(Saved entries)
#####

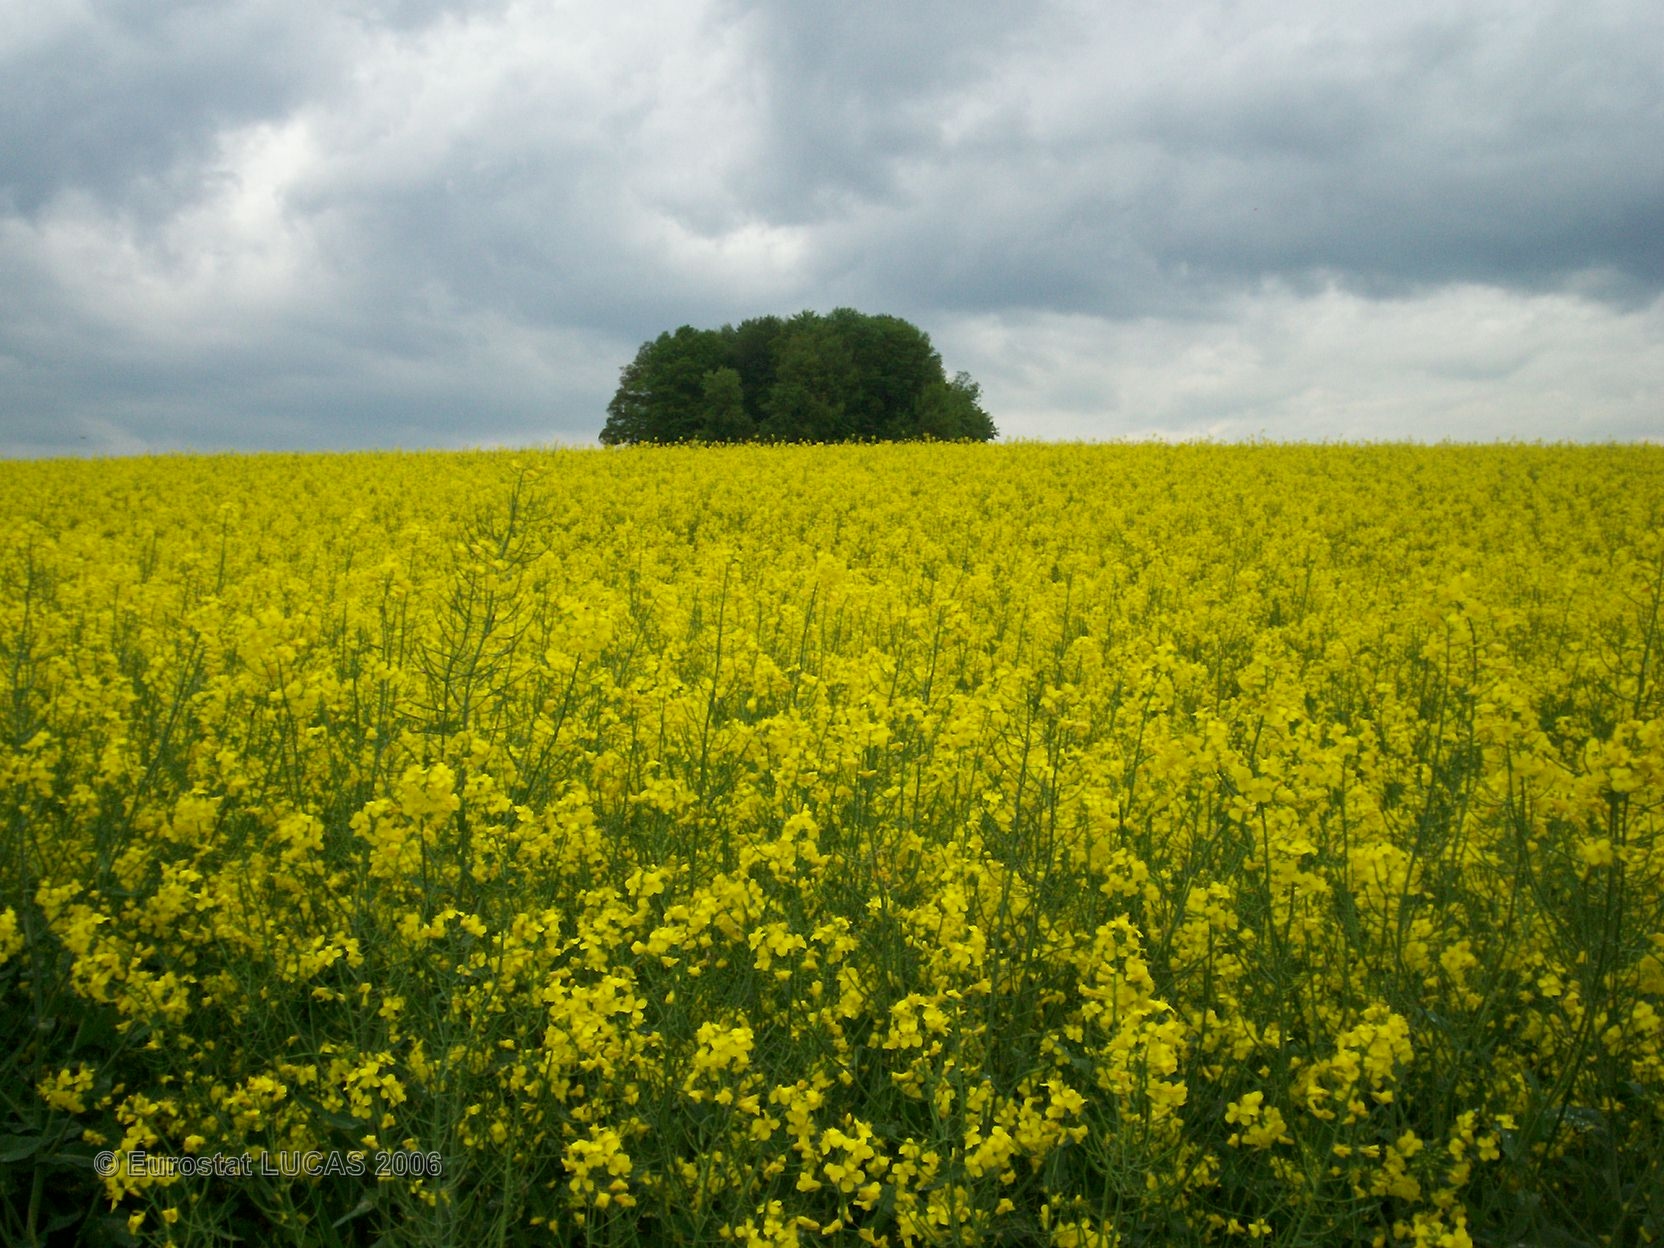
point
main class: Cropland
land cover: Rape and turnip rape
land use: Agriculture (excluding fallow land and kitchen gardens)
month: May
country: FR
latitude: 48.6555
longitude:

#####

(What is being asked) A faithful, word-for-word copy of the data is needed; the pictures should not appear in it.

(Output for this exercise)
point
main class: Cropland
land cover: Rape and turnip rape
land use: Agriculture (excluding fallow land and kitchen gardens)
month: May
country: FR
latitude: 48.6555
longitude:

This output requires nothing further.